ÉditosFaire de l’eau une priorité sociétale

Faire de l’eau une priorité sociétale

Par André Dumouchel

Alors que j’étais sur la route dernièrement, j’ai voulu faire un arrêt rapide pour m’acheter un café. À ma grande surprise, le commerce demandait à ses clients de se diriger exclusivement vers le service au volant. À côté de la note justificative affichée sur la porte de l’établissement, il y avait une seconde note : « Employés recherchés ! »

Cet incident m’a rappelé une autre anecdote vécue quelques semaines plus tôt, alors que je magasinais dans une grande quincaillerie avec fiston. Ma conjointe m’avait gentiment suggéré d’aller demander l’aide d’un expert pour me conseiller avant d’entamer mon nouveau projet de rénovation.

Quand l’employé est arrivé dans l’allée, d’un pas nonchalant, j’ai été stupéfait de noter non seulement qu’il terminait à peine sa puberté, mais aussi qu’il était compagnon d’école de mon ado. Je dois avouer que je cherchais davantage les conseils d’un Roger, 69 ans, aux mains maganées que ceux de Félix-Antoine, 16 ans, rempli de bonnes intentions !

Je ne suis évidemment pas le seul à vivre ces situations. Nous pourrions probablement tous nommer des dizaines d’anecdotes de ce genre vécues au cours des deux dernières années.

Le constat général est sans équivoque : actuellement, dans un très grand nombre de secteurs, la pénurie de main-d’œuvre force les employeurs à revoir à la baisse (bien malgré eux) leurs standards de qualité et de services. 

Il ne faut toutefois pas commettre l’erreur de penser que cette diminution de la qualité et des services est propre au secteur du service à la clientèle, loin de là. On le voit malheureusement dans le réseau de l’éducation et dans le système de santé. Ces services on ne peut plus essentiels tentent de pallier le manque de travailleurs en trouvant les endroits où les compressions feront le moins de dommages.

Dans ce contexte, pour le présent numéro, nous avons tenté de brosser le portrait le plus juste des conséquences de la pénurie de main-d’œuvre dans le secteur de l’eau.
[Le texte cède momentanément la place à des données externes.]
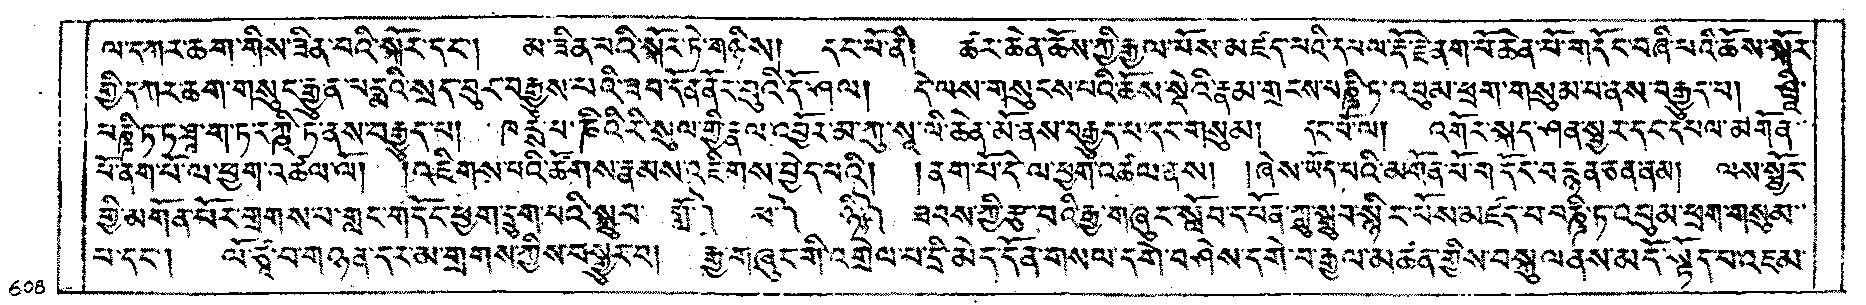ལ་དཀར་ཆག་གིས་ཟིན་པའི་སྐོར་དང་། མ་ཟིན་པའི་སྐོར་ཏེ་གཉིས། དང་པོ་ནི། ཚར་ཆེན་ཆོས་ཀྱི་རྒྱལ་པོས་མཛད་པའི་དཔལ་རྡོ་རྗེ་ནག་པོ་ཆེན་པོ་གདོང་བཞི་པའི་ཆོས་སྐོར་
གྱི་དཀར་ཆག་གསུང་རྒྱུན་པདམའི་སྲད་བུར་བརྒྱུས་པའི་ཟབ་དོན་ནོར་བུའི་དོ་ཤལ། དེ་ལས་གསུངས་པའི་ཆོས་སྡེའི་རྣམ་གྲངས་པཎྜི་ཏ་འབུམ་ཕྲག་གསུམ་པ་ནས་བརྒྱུད་པ། ཤྲཱི་
པཎྜི་ཏ་ཏ་ཐཱ་ག་ཏྲ་རཀྵི་ཏ་ནས་བརྒྱུད་པ། ཁར་ས་པ་ཎིའི་རི་སུལ་གྱི་རྣལ་འབྱོར་མ་ཀུ་སཱ་ལི་ཆེན་མོ་ནས་བརྒྱུད་པ་དང་གསུམ། དང་པོ་ལ། འགོར་སྐད་ཤན་སྦྱར་དང་དཔལ་མགོན་
པོ་ནག་པོ་ལ་ཕྱག་འཚལ་ལོ། །འཇིགས་པའི་ཚོགས་རྣམས་འཇིགས་བྱེད་པའི། །ནག་པོ་དེ་ལ་ཕྱག་འཚལ་ནས། །ཞེས་ཡོད་པའི་མགོན་པོ་གདོང་བརྙན་ཅན་ནམ། ལས་སྦྱོར་
གྱི་མགོན་པོར་གྲགས་པ་གླང་གདོང་ཕྱག་དྲུག་པའི་སྒྲུབ་གླ྄ོ་ཕ྄་ཉི་~྾?་ཐབས་ཀྱི་རྩ་བའི་རྒྱ་གཞུང་སློབ་དཔོན་ཀླུ་སྒྲུབ་སྙིང་པོས་མཛད་པ་པཎྜི་ཏ་འབུམ་ཕྲག་གསུམ་
པ་དང་། ལོ་ཙཱ་བ་གཉན་དར་མ་གྲགས་ཀྱིས་བསྒྱུར་བ། རྒྱ་གཞུང་གི་འགྲེལ་པ་དྲི་མེད་དོན་གསལ་དགེ་བཤེས་དགེ་བ་རྒྱལ་མཚན་གྱིས་བསྐུལ་ནས་མདོ་སྟོད་པ་འཇམ་

En plus d’être au cœur de l’environnement, le secteur de l’approvisionnement et du traitement de l’eau est un service essentiel, qui a des répercussions directes sur la santé publique.

Baisser la garde en ce qui a trait à la qualité des services n’est donc pas une solution, mais le contexte actuel rend la tâche extrêmement difficile aux employeurs publics et privés. 

Au moment où la pénurie les frappe de plein fouet, les départs à la retraite creusent un trou béant de quelque 2 000 professionnels à remplacer d’ici 2024. Oui, vous avez bien lu : 2024. Pour accentuer les besoins criants, on constate une méconnaissance des métiers de la filière de l’eau chez les jeunes, qui leur préfèrent d’autres industries jugées plus attrayantes. Résultat : nos établissements de formation de haut niveau, reconnus ici et ailleurs, peinent à remplir leurs classes.   Si vous voulez mon avis, la situation ne risque pas de changer de sitôt avec la récente annonce du gouvernement du Québec, qui lance plutôt une offensive de formation pour le marché de la construction, laquelle vise à former de 4 000 à 5 000 personnes supplémentaires pour qu’elles occupent des métiers en forte demande sur les chantiers.

Ces formations seront de courte durée et les étudiants recevront un soutien de 750 $ par semaine durant leur parcours. Une mesure exceptionnelle et ponctuelle du gouvernement pour une situation sûrement critique dans le domaine de la construction, je n’en doute point.

Si noble soit-elle, cette mesure pourrait avoir une incidence néfaste sur la décision que prendront les jeunes et les moins jeunes en quête d’un nouveau travail. Choisiront-ils un métier de l’eau ou un métier de la construction, croyez-vous ?

Les trois experts rencontrés sonnent l’alarme à propos de la situation actuelle, mais ils sont loin de jeter l’éponge. Selon eux, plusieurs solutions sont possibles pour remettre l’industrie à flot, notamment du côté des formations accélérées, qui permettraient entre autres la réallocation ou la requalification de la main-d’œuvre. On pense également à la simplification de l’immigration ainsi qu’à l’implantation au Québec de systèmes de formation qui font leurs preuves à l’étranger.

Au moment où les bouleversements sociaux et les changements climatiques sont déterminés à créer des défis dans le secteur de l’eau, il semble donc que les réponses sont sur la table et que les membres de l’industrie sont plus que jamais prêts à s’unir pour braver la tempête.

Encore faut-il que les mots d’ordre soient la concertation et la collaboration entre les différents acteurs afin que tout le monde rame dans le même sens et que l’on refasse de l’eau une priorité sociétale au Québec.